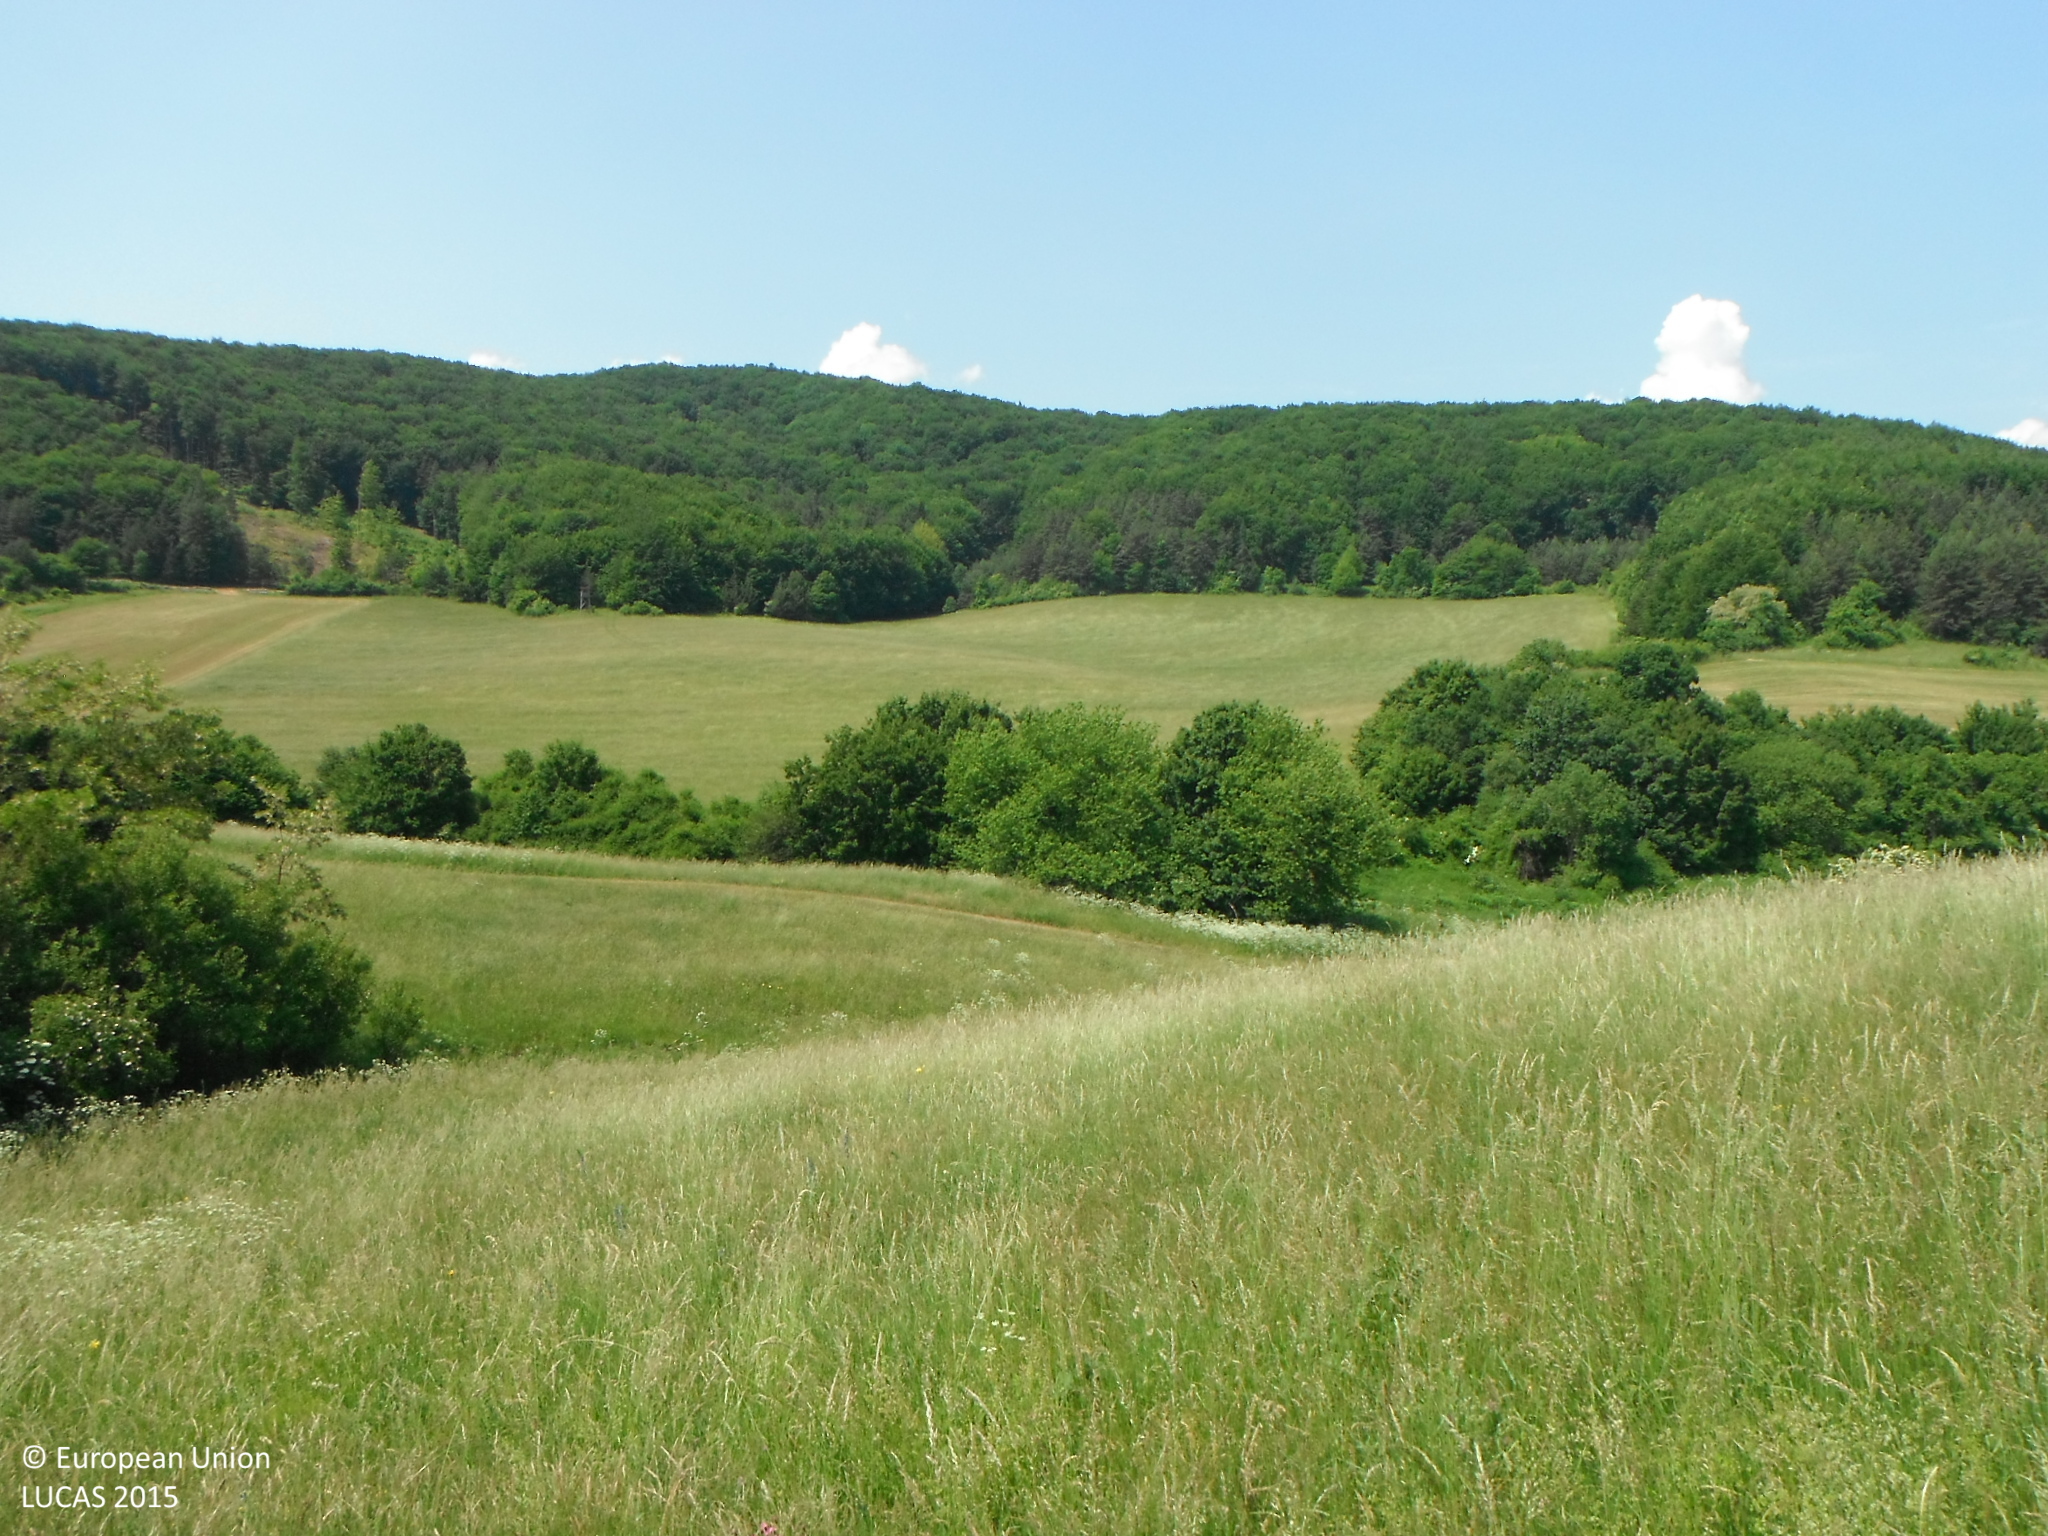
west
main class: Grassland
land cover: Grassland without tree/shrub cover
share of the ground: > 75 %
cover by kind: herbaceous plants 100 %
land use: Agriculture (excluding fallow land and kitchen gardens)
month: June
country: SK
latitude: 48.7077
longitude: 19.1955
+++
:: What to work on ::
Beginning with the line that contains "share of the ground: > 75 %", quote each line exactly through the last line of the entries above, and nothing beyond them.

:: The answer ::
share of the ground: > 75 %
cover by kind: herbaceous plants 100 %
land use: Agriculture (excluding fallow land and kitchen gardens)
month: June
country: SK
latitude: 48.7077
longitude: 19.1955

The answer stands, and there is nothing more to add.